Visual not Verbal!

I celebrated birthday 55 yesterday, and had a glorious fun day enjoying life. To all who were a part of my beautiful day, thank you!!

We had what seems to be the last of a long series of perfect autumn days: blue skies, orange foliage, gentle temperatures just crisp enough to energize. The dogs and I have enjoyed splendid walks all the past 2 weeks.

Yesterday I really felt alive, and grateful for it.

I’ve been drinking in the visual world, walking, breathing and taking photos, but not feeling any movement to the writing Muse! My commitment to writing a blog a day is slipping, and I’m missing days. Ah, I have become an object lesson. Let me go back and read the post on prioritizing….

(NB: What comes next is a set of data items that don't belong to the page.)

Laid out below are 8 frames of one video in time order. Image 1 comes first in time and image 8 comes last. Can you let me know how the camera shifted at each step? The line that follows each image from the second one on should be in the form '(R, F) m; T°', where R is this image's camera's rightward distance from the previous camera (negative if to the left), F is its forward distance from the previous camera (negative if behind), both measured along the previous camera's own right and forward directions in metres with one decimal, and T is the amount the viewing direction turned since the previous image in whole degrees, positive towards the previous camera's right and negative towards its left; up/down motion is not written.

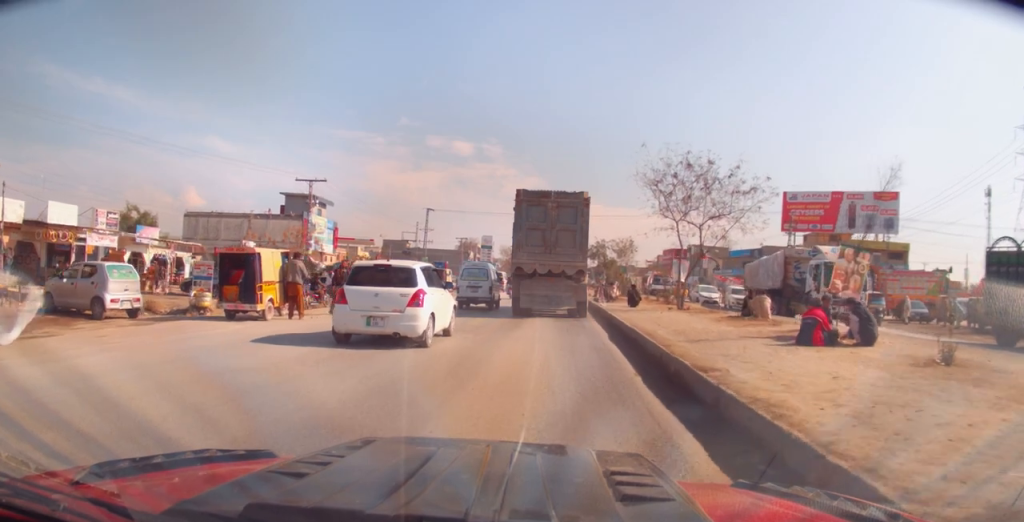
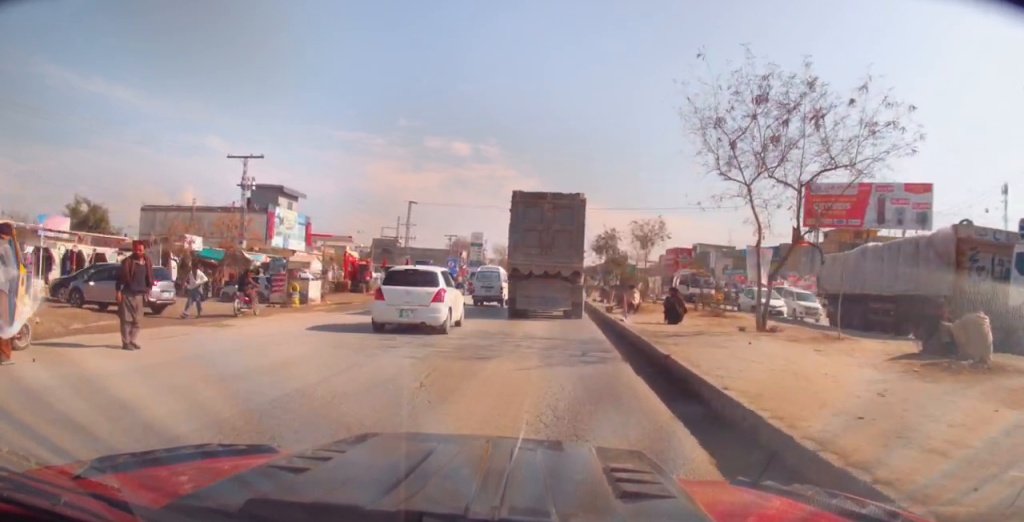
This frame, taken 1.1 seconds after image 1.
(0.0, +9.9) m; -1°
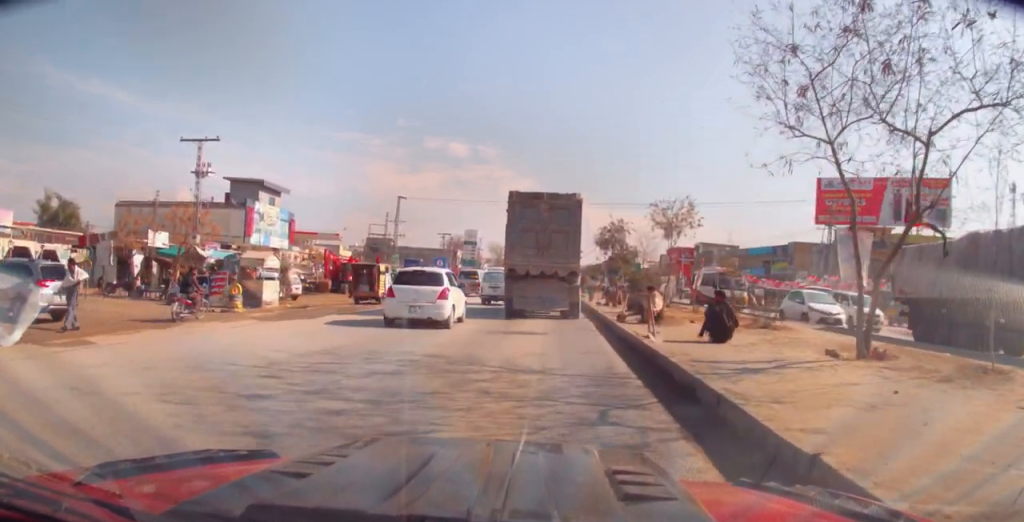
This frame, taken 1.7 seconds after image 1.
(-0.1, +5.2) m; -1°
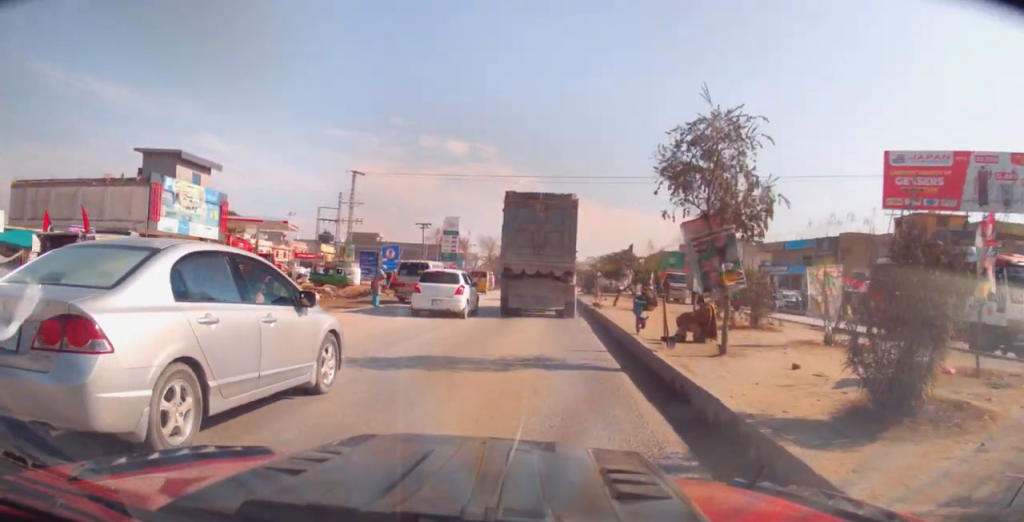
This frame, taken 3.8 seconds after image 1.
(+0.4, +18.4) m; 0°
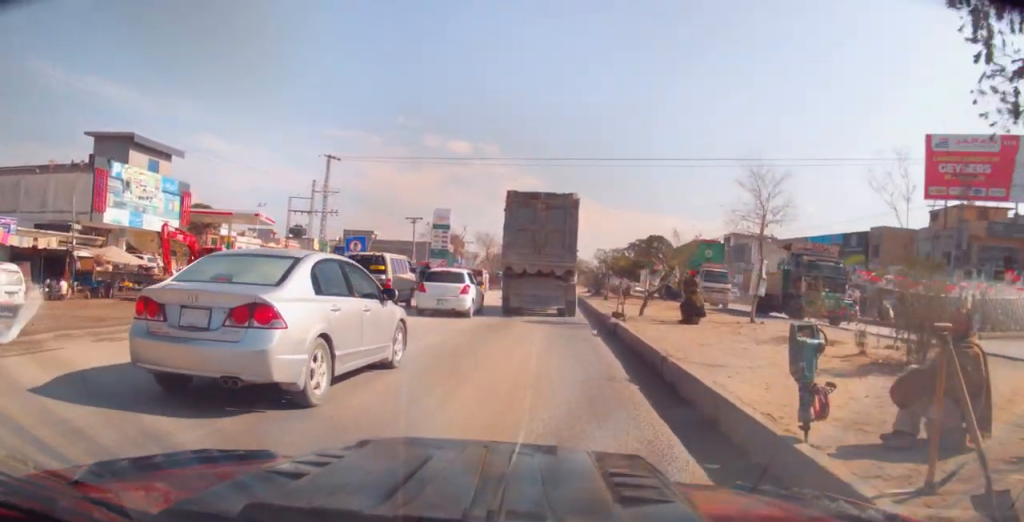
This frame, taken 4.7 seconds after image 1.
(-0.4, +7.8) m; 0°
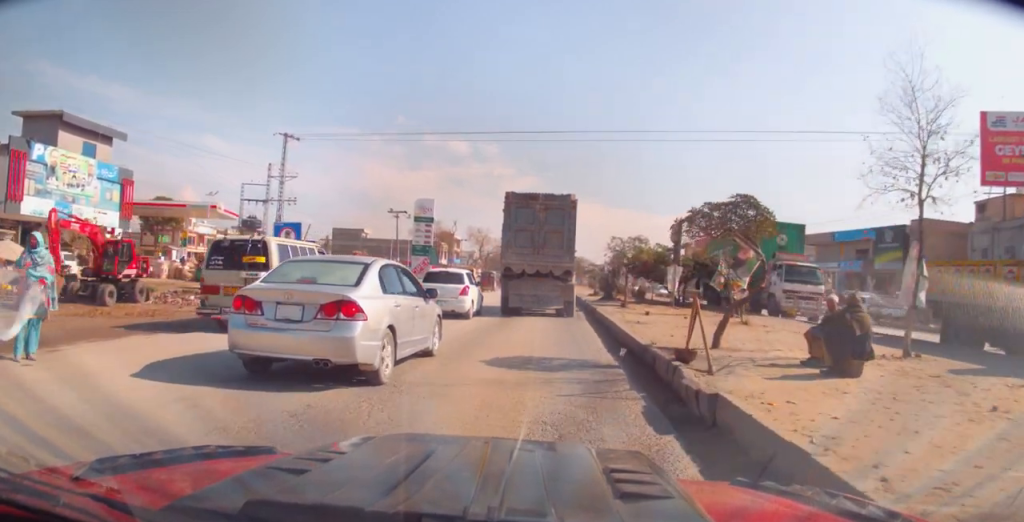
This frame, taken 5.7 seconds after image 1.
(+0.5, +9.2) m; +2°
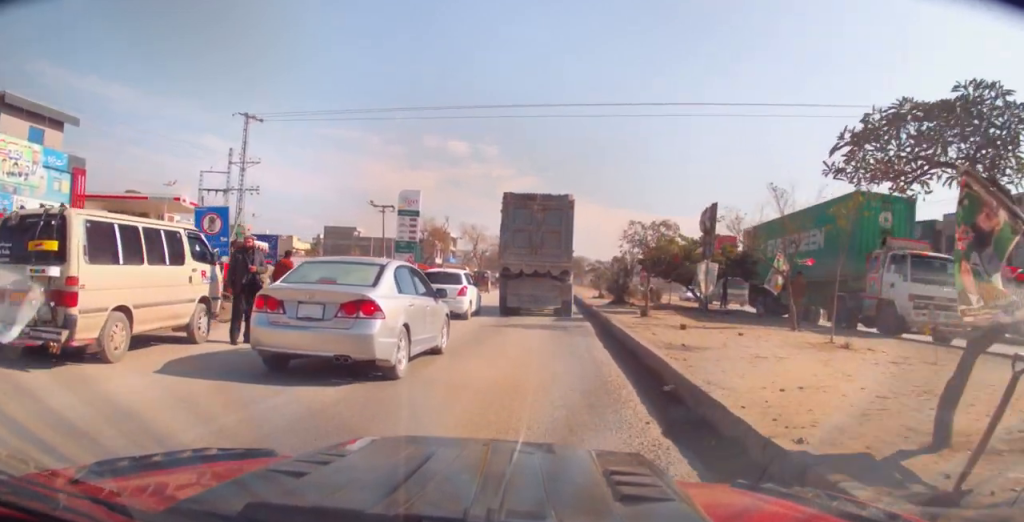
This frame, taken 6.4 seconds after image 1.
(-0.1, +6.2) m; -1°
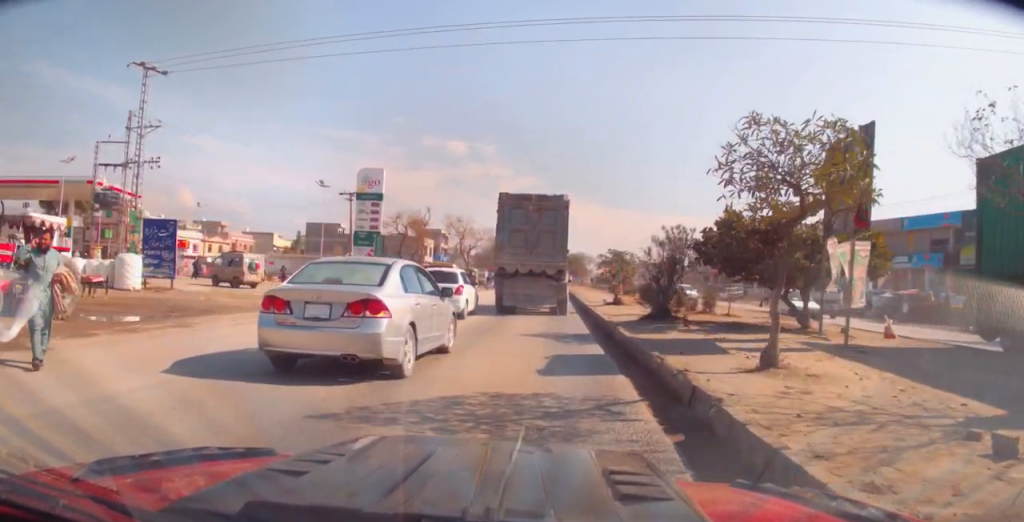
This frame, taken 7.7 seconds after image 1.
(-0.1, +11.0) m; -1°

But, in the spirit of Visual not Verbal, I responded to a photography exhibit I saw yesterday by taking the camera on my walk. The show is The Pond, and the Smithsonian Museum of American Art. They are photographs by John Gossage of an insignificant pond he discovered along the highway on his commute between work and home. I was intrigued by the idea of waste landscapes of suburbia, but I didnt realize that these were 25 years old and the book was being reissued. Nor did I know about the tie-ins with Thoreau and other narrative landscape photographers.

It was so lovely to see real silver gelatin prints, black and white subtle clarity and silvery warmth. My mind infuses prints like that with colour. Gossage makes you look at the unremarkable, the ugly, the nowhere land. In fact he says he wanted to document “pastoral violence.” Some were puctuated with litter and debris, or a glimpse of a building in the distance. There is the familiar sandy ground, still water, and viney scrub of southern Maryland. But as I view the show, 52 photos in a particular order, I can see that the onslaught of algae and litter has become so much worse in the past 20 years.  There is duckweed on this pond, not the veils of radioactively green algae that chokes such watery places today.

I’ll post a link to my visual response soon.